PROBLEM REQUIREMENTS:
Print out each entry without alteration, and keep the pictures out.

INPUT FOR THIS TASK:
▼

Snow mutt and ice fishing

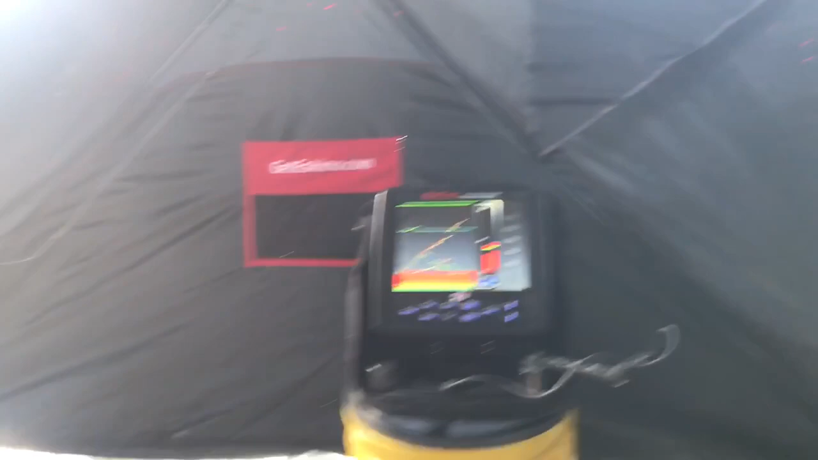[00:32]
the fish finder he's hooked into one now blowing
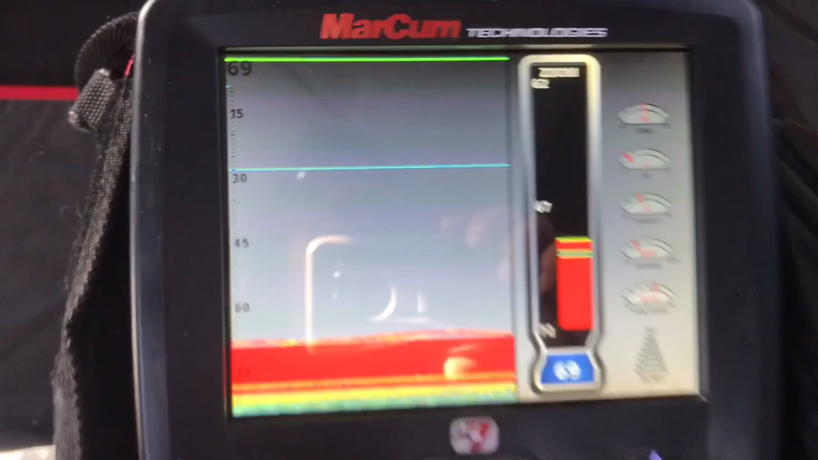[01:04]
there see if I can get
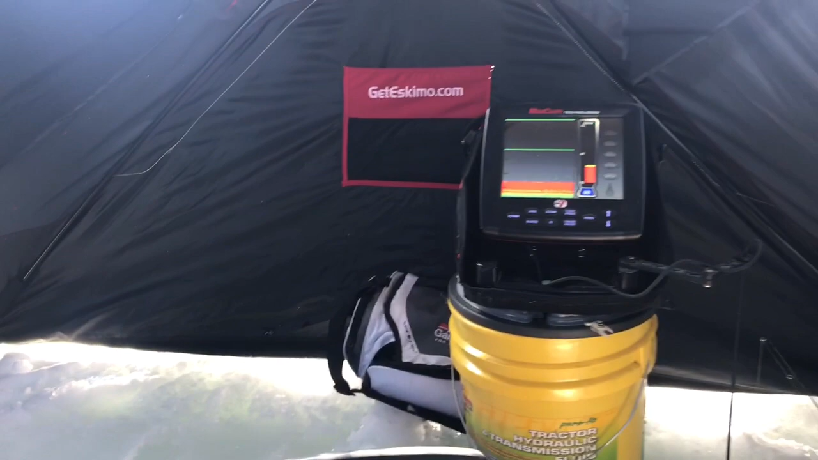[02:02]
I don't see any on there right now but I'm gonna get down there and see what I can find where's the pliers pliers yeah yeah we're
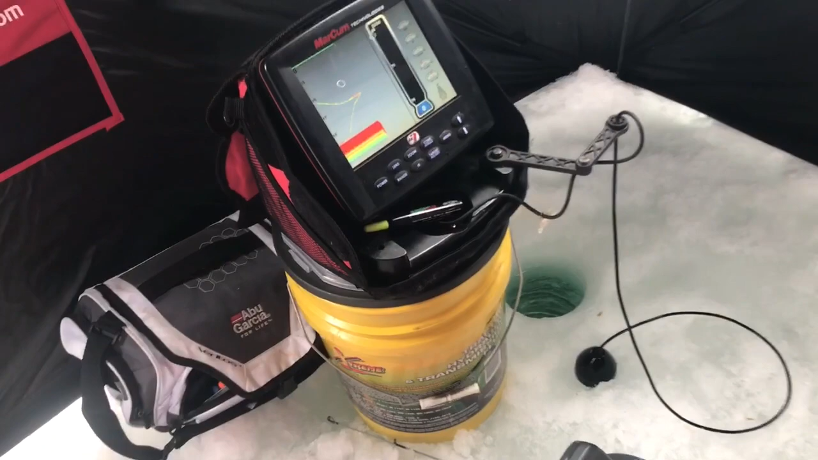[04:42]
That's where you got him, right there.
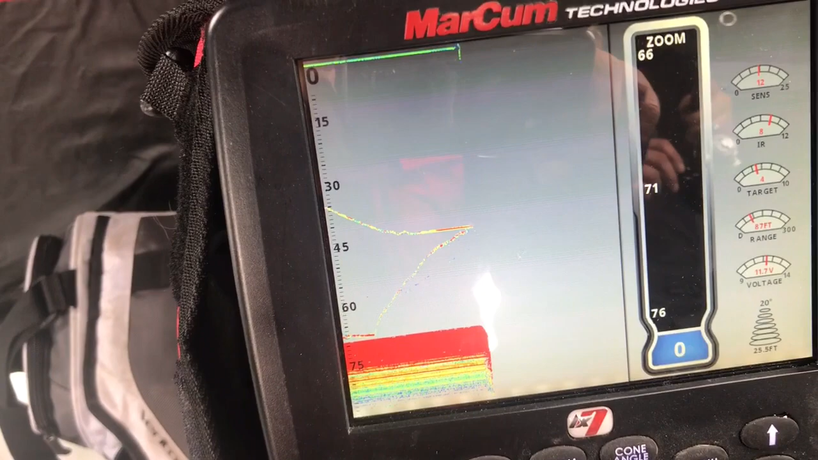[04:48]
Yeah, so I pulled the transducer out of the hole. I just lost two trying to mess with the phone.
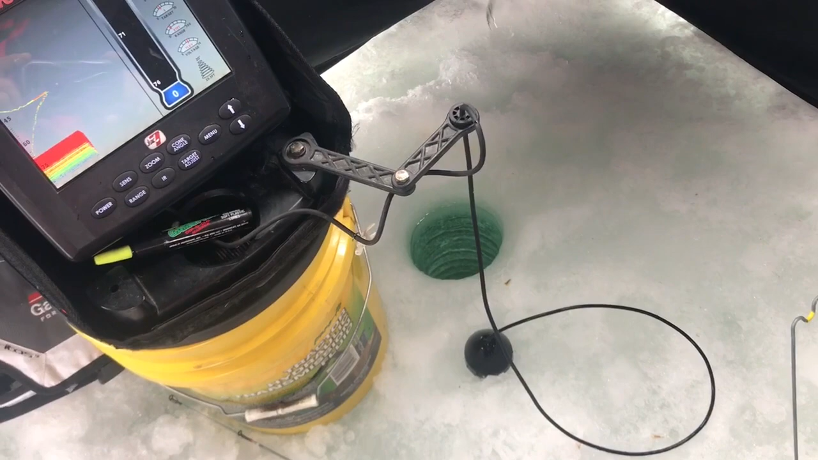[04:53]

▲

ANSWER SPACE:
Snow mutt and ice fishing

[00:32]
the fish finder he's hooked into one now blowing
[01:04]
there see if I can get
[02:02]
I don't see any on there right now but I'm gonna get down there and see what I can find where's the pliers pliers yeah yeah we're
[04:42]
That's where you got him, right there.
[04:48]
Yeah, so I pulled the transducer out of the hole. I just lost two trying to mess with the phone.
[04:53]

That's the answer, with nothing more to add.